Und trotzdem gibt es auch den umgekehrten Trend, wenn man so will: das Wegziehen aus der Stadt. Gerade während der letzten zwei Jahre wurden Einfamilienhäuser mit Garten am Land immer gefragter. Hier gibt es mehr Natur, mehr Ruhe, man ist nicht so anonym wie in größeren Städten, hat mehr Platz und kann sich das Haus noch eher leisten. Ich kenne auch einige, die zum Studieren und für die ersten Berufsjahre in die Stadt ziehen, später aber, wenn sich eine Familie mit Kindern abzeichnet, wollen sie wieder aufs Land zurück. Weil sie glauben, dass ihre Kinder es dort zum Aufwachsen schöner haben. Vielleicht sind es auch nur alte, schöne Erinnerungen an ihre eigene Kindheit am Land, die sie ihren Kindern jetzt ebenso bieten möchten.

Hinzu kommt noch eine Entwicklung, die sich durch die Covid-19-Phase beschleunigt hat: das Homeoffice. Heute ist es gängiger, dass man einige Tage pro Woche von daheim aus arbeiten kann. Internet gibt es schließlich inzwischen überall. Und dieses "überall" kann auch das Zuhause am Land sein.

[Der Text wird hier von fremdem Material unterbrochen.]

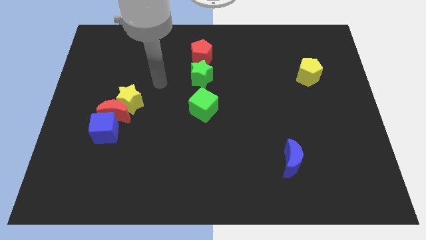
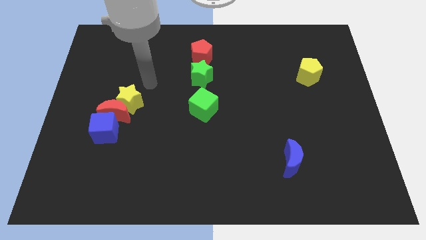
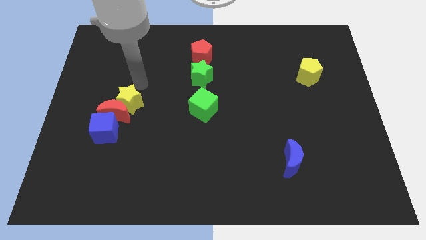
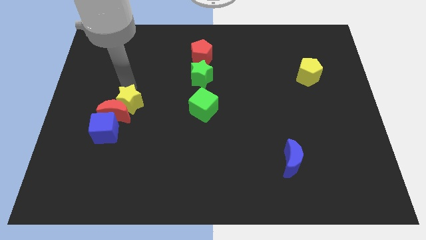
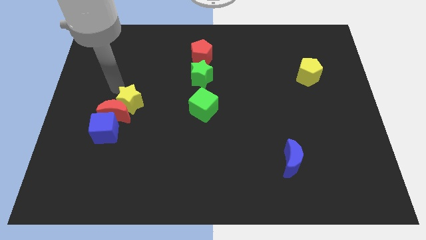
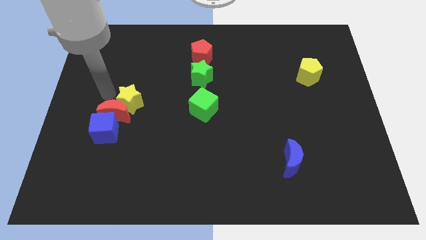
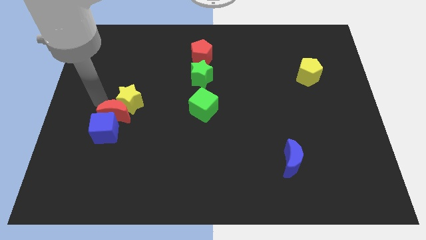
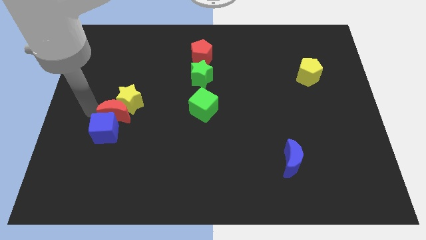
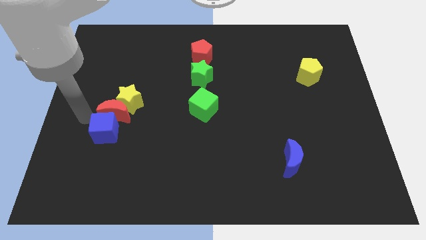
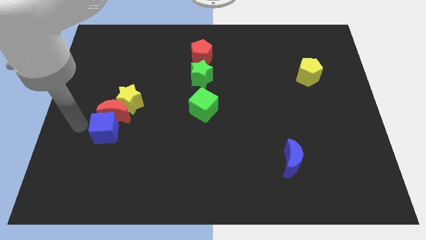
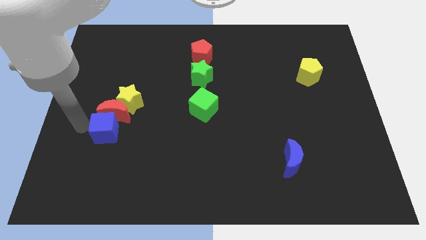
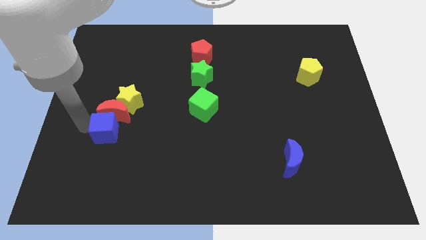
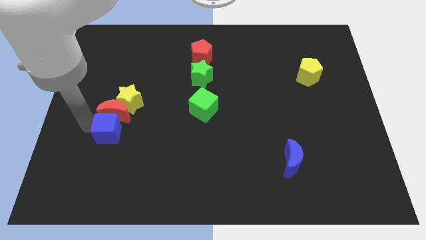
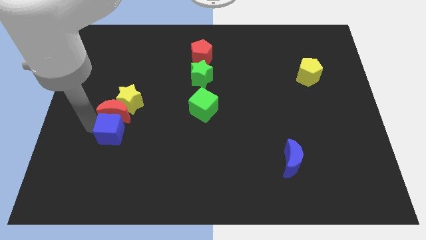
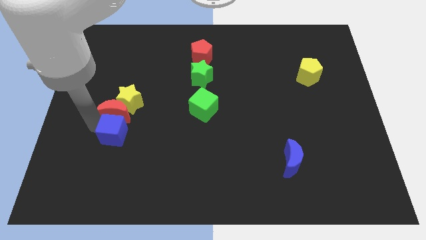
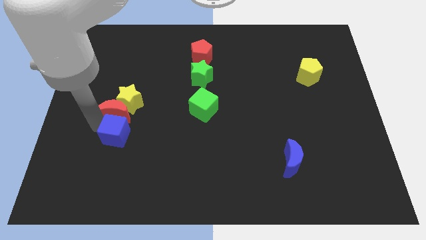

Wie geht es aber nun zum Beispiel meinen Freunden persönlich mit diesem Thema? Mit einem guten Schulfreund aus der Volksschule treffe ich mich noch immer regelmäßig, obwohl er als Kind mit seiner Familie nach Salzburg gezogen ist. Für ihn ist am Landleben im Lungau vor allem der Umgang der Menschen untereinander so extrem schön: wesentlich lockerer und herzlicher, wie er findet. Und die frei zugängliche Natur sei eine perfekte Umgebung zum Aufwachsen. Das nicht so große Angebot an Schulen im Oberstufenbereich sei aber schade, sagte er. Und durch die schlechteren Busverbindungen brauche man leider ein Auto. In Zukunft könne er sich aber auf jeden Fall wieder vorstellen, aufs Land zu ziehen. Wegen der entschleunigenden Lebensweise und auch wegen der steigenden Preise für Wohnraum.

Eine Freundin von mir, die ich seit dem Kindergarten kenne, studiert Gesundheits- und Krankenpflege in Graz. Sie findet, dass man sich in den letzten Jahren sehr bemüht hat, den Lungau wieder attraktiver zu machen. Zum Beispiel wird jetzt gerade in Sankt Michael ein Freizeit- und Sportzentrum gebaut, es gibt ein lungauweites Beachvolleyballturnier im Sommer und die Gemeinschaft untereinander sei allgemein einfach viel stärker als in Städten. Für sie werde es höchstwahrscheinlich aber trotzdem keine Option sein, wieder in den Lungau heimzuziehen. Sie möchte einfach mehr Erfahrungen und Herausforderungen und nach dem Studium auf einer größeren Intensivstation arbeiten. In anderen Berufen könne man schon zufrieden und gut leben im Lungau, aber eben nicht in jedem Beruf.

Das hat mir letzte Woche auch eine alte Schulkollegin aus dem Gymnasium erzählt. Sie wohnt seit fast einem Jahr in Mississippi in den USA und macht dort ein Auslandsstudium. Karriere machen im Lungau, das geht einfach nicht so recht bei uns. Aber es hat auch viele gute Seiten, wenn man im Lungau lebt. Das ist ihr in Mississippi erst so richtig bewusst geworden. Hier würde sie sich nicht so richtig trauen, den Campus zu verlassen. Höchstens in den Coffeeshop in der Nähe. Es sei einfach zu gefährlich. Man höre regelmäßig Schüsse. Frei, in Sicherheit und ohne Angst herumspazieren können, das ist im Lungau eine Selbstverständlichkeit. Ebenso das frische Trinkwasser und die gute Luft überall, oder die Natur mit den Bergen. Und wieder erzählte sie mir, wie schön sie die Gemeinschaft dort mit Freunden und Bekannten findet. Später, zum Beispiel mit einer Familie, könnte sie sich schon vorstellen, wieder in den Lungau zu ziehen.

Und ich selbst? Wie geht es mir dabei? Seit knapp drei Jahren - mit Ausnahme der Lockdown- und Fernuniphasen - wohne ich in Graz zum Studieren. Für mich sind die schönen Seiten besonders die vielen Sportvereine und die vielen neuen Menschen und Möglichkeiten, die es in der Stadt gibt. Aber ganz daheim fühle ich mich in der Stadt ehrlich gesagt noch immer nicht. Ich weiß auch nicht, ob ich mich das dort jemals fühlen werde. Vielleicht ziehe ich irgendwann dann doch wieder zurück aufs Land.

Armin Brandstätter ist 22 Jahre alt,
kommt aus St. Michael im Lungau
und studiert im sechsten Semester Architektur in Graz.